Тем не менее значительную часть своей жизни Харди прожил счастливее, чем большинство из нас. У него было множество друзей, на удивление различного толка. Всем этим друзьям пришлось пройти личные тесты Харди: они должны были обладать особым свойством, которое он называл "подкруткой" (непереводимый крикетный термин, означавший наличие непрямого, подчас иронического, подхода; из публичных фигур недавнего времени высокие оценки за "подкрутку" получили бы Макмиллан[45] и Кеннеди[46], но не Черчилль[47] и не Эйзенхауэр[48]. Вмести с тем Харди был терпим, лоялен, великодушен и питал к своим друзьям искреннюю, не показную симпатию. Однажды мне пришлось навестить Харди в утренние часы, которые он неизменно отводил своим математическим исследованиям. Харди сидел за письменным столом и покрывал страницу за страницей своим красивым каллиграфическим почерком. Я пробормотал какие-то обычные вежливые слова, что-то вроде: "Надеюсь, я не очень побеспокоил Вас". Харди внезапно расплылся в своей озорной улыбке:
- Как Вы, должно быть, заметили, побеспокоили и даже очень. Но я всё равно рад Вас видеть.
За те шестнадцать лет, что мы знали друг друга, он ни разу не выразил своего дружеского отношения ко мне более демонстративно, разве что когда он лежал на смертном одре и выразил надежду, что я и впредь буду навещать его.
Думаю, что мой опыт общения с Харди разделило большинство его близких друзей. Но были у него на протяжении всей жизни два или три знакомства иного рода. Это были прочные привязанности, всецело носившие не физический, а возвышенный характер. Один из таких друзей Харди, о котором я знал, был молодой человек, чья душевная организация была такой же тонкой, как у самого Харди. Думаю, хотя об этом я могу судить лишь по случайным замечаниям, что то же самое можно сказать и об остальных его знакомых. Многие люди моего поколения сочли бы такие отношения либо неудовлетворительными, либо невозможными. Но они не были ни теми, ни другими, и если не принять такие отношения за данность, невозможно понять темперамент ни таких людей, как Харди (они встречаются редко, но всё же не так редко, как белые носороги), ни кембриджское общество того времени. Харди не получал удовлетворения от того, что приносит удовлетворение большинству из нас, но он знал себя необычайно хорошо и не чувствовал себя от этого несчастным. Его внутренняя жизнь была достоянием только его одного и отличалась богатством. Горечь пришла в конце жизни. Если не считать его преданной сестры, рядом с ним не осталось никого из близких ему людей.

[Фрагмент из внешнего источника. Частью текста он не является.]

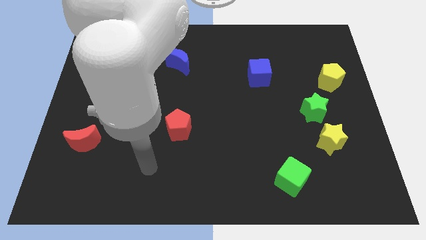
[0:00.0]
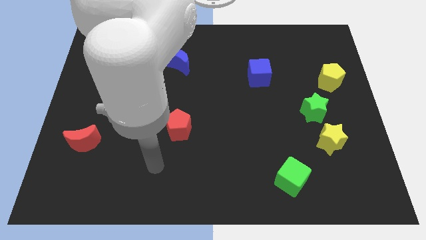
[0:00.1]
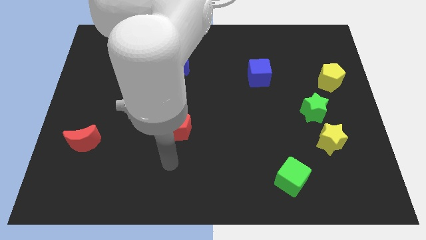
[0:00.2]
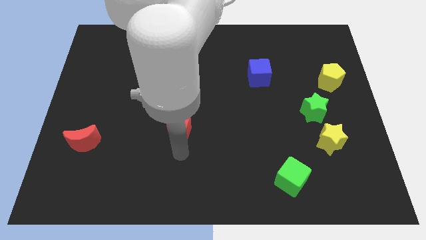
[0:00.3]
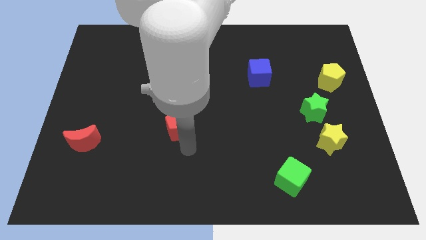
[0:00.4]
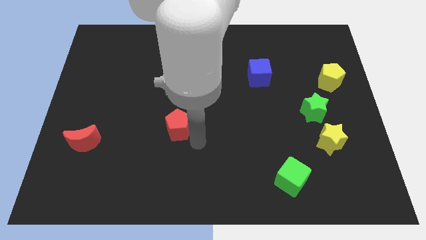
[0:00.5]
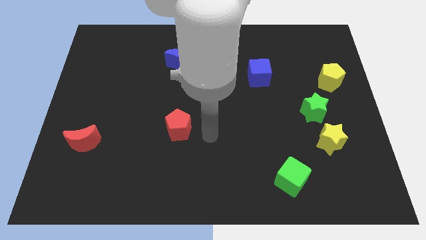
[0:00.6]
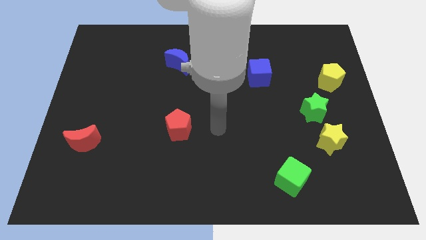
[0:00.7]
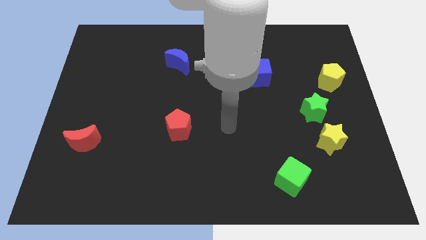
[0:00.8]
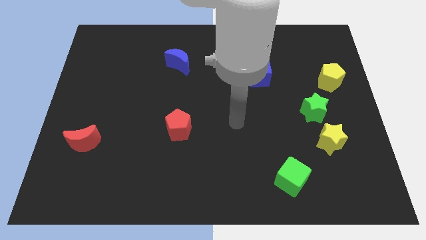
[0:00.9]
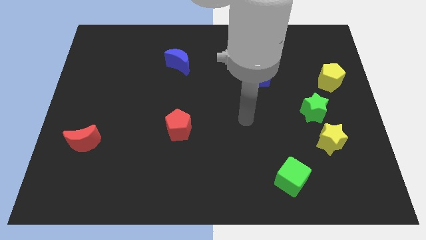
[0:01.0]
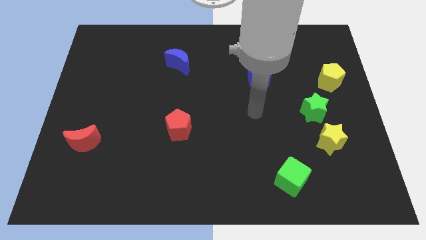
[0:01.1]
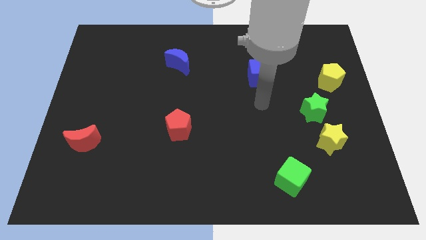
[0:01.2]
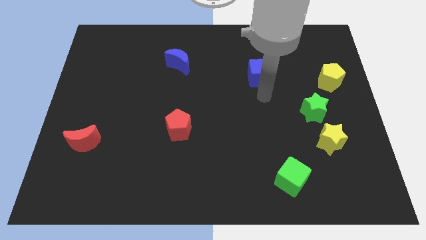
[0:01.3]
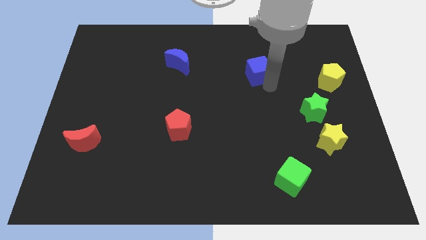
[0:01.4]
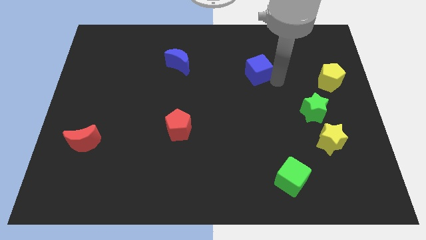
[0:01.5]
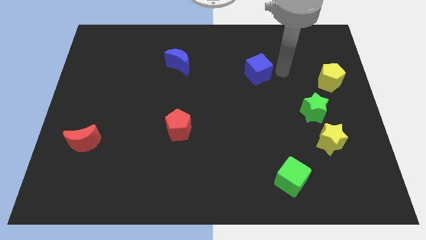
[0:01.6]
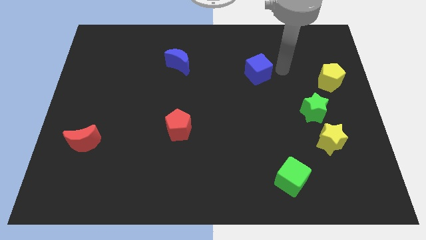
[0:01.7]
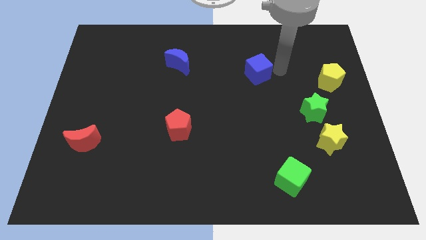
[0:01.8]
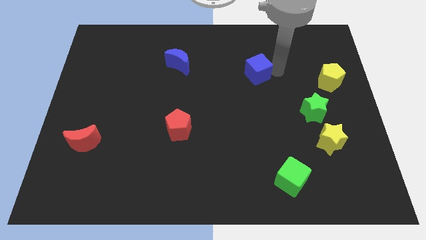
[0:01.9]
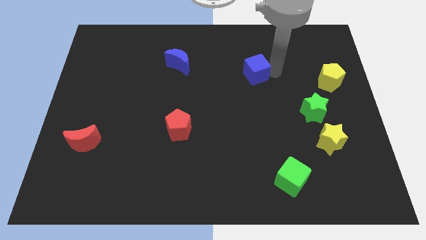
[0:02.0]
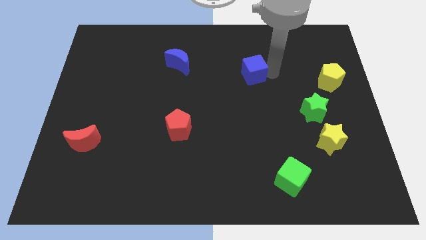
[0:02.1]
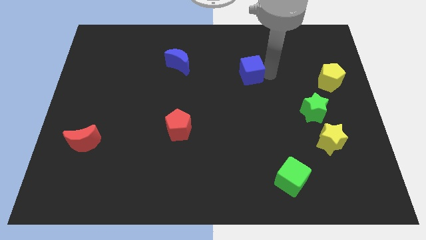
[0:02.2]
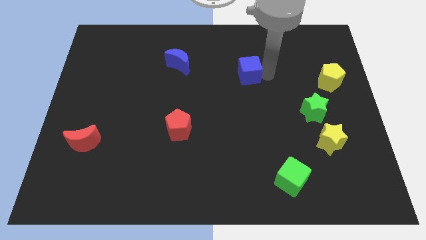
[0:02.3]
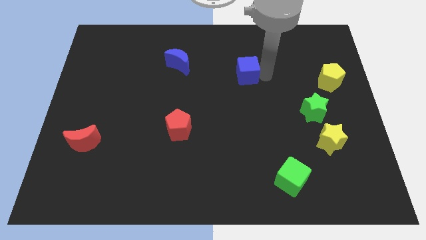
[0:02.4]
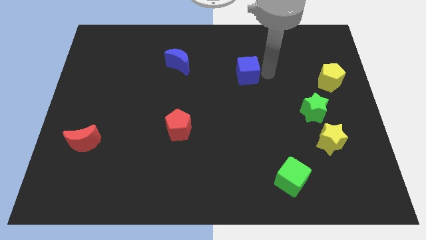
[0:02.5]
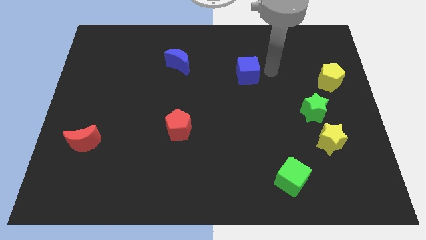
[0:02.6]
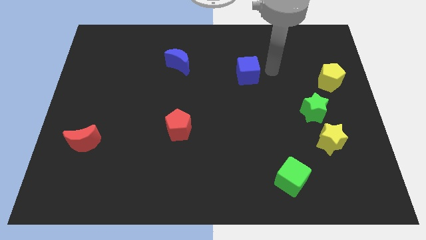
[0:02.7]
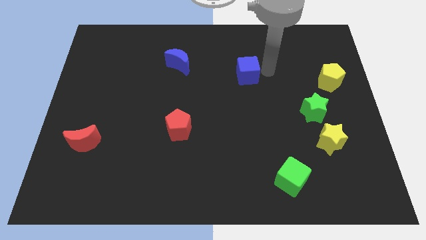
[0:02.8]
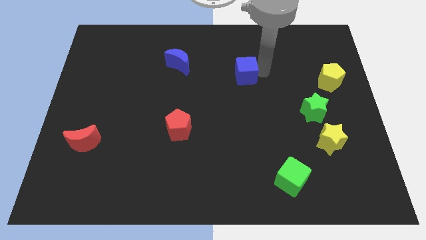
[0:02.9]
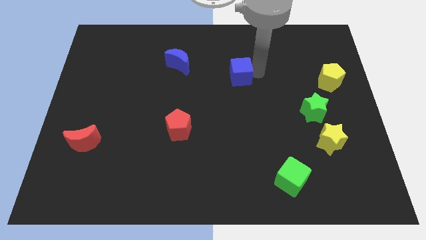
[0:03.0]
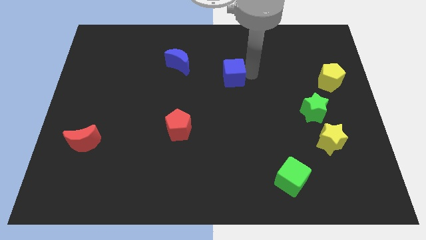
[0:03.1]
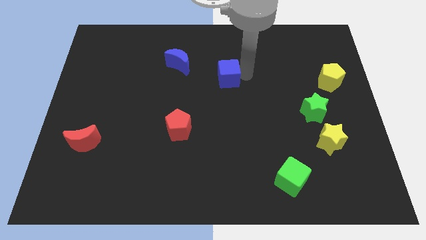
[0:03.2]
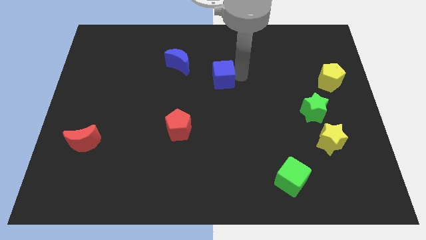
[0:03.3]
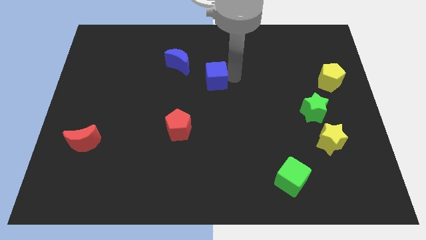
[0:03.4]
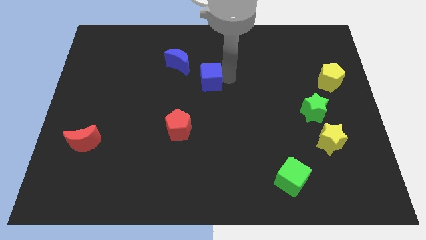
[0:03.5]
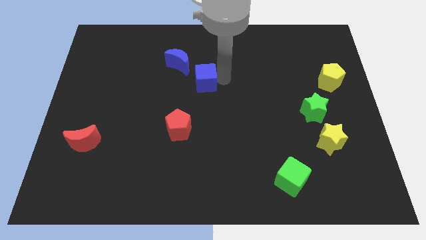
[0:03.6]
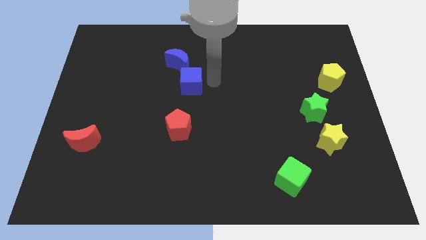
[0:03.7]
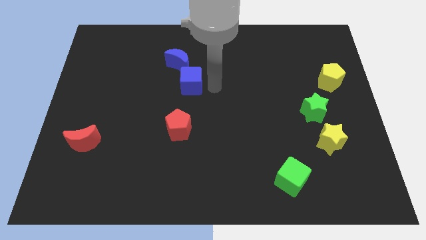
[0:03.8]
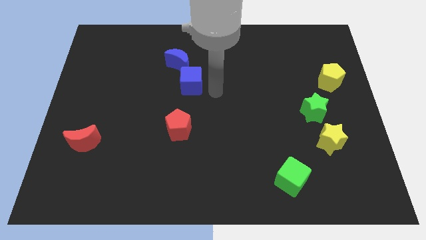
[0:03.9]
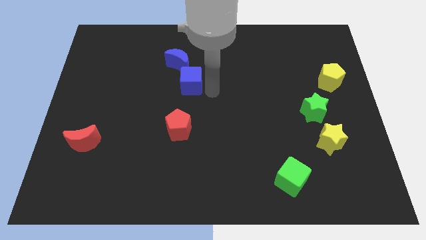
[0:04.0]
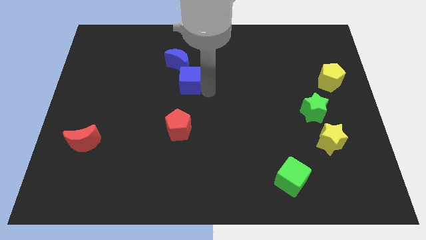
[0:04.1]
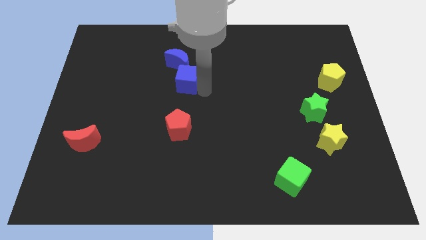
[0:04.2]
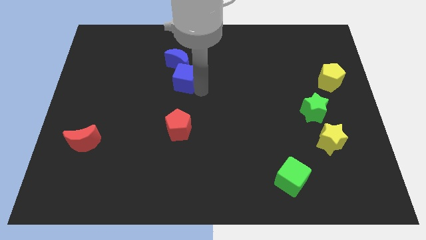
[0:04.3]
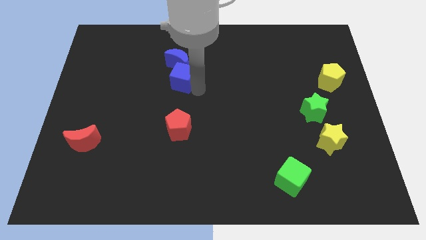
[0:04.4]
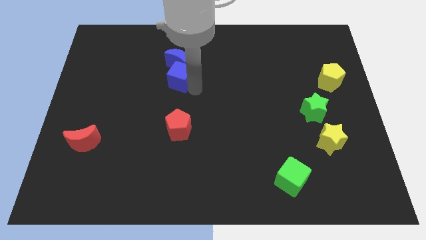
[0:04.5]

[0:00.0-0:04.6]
push the blue cube left

С сардоническим стоицизмом он замечает в "Апологии", книге, проникнутой, несмотря на радостные интонации, отчаянной грустью, что когда творческий человек утрачивает способность или желание творить, то "это достойно сожаления, но в таком случае он немногого стоит, и было бы глупо беспокоиться о нём". Именно так Харди относился к своей личной жизни вне математики. Математика была оправданием всей его жизни. Находясь рядом с Харди, в ослеплении блеском его личности, об этом легко было забыть, как под влиянием моральных пристрастий Эйнштейна было нетрудно забыть о том, что для него оправданием всей жизни был осуществляемый им поиск физических законов. Ни Харди, ни Эйнштейн не забывали об этом. Математика для одного и поиск законов природы для другого были стержнем их жизни - с юности до самой смерти.
В отличие от Эйнштейна Харди стартовал довольно медленно. Его ранние работы, выполненные с 1900 по 1911 гг., были достаточно хороши для того, чтобы обеспечить ему избрание в Королевское общество и снискать международное признание, но сам Харди не считал эти работы важными. И это было не ложной скромностью, а мнением мастера, до дюйма знающего, какая из его работ обладает ценностью и какая ценности не имеет.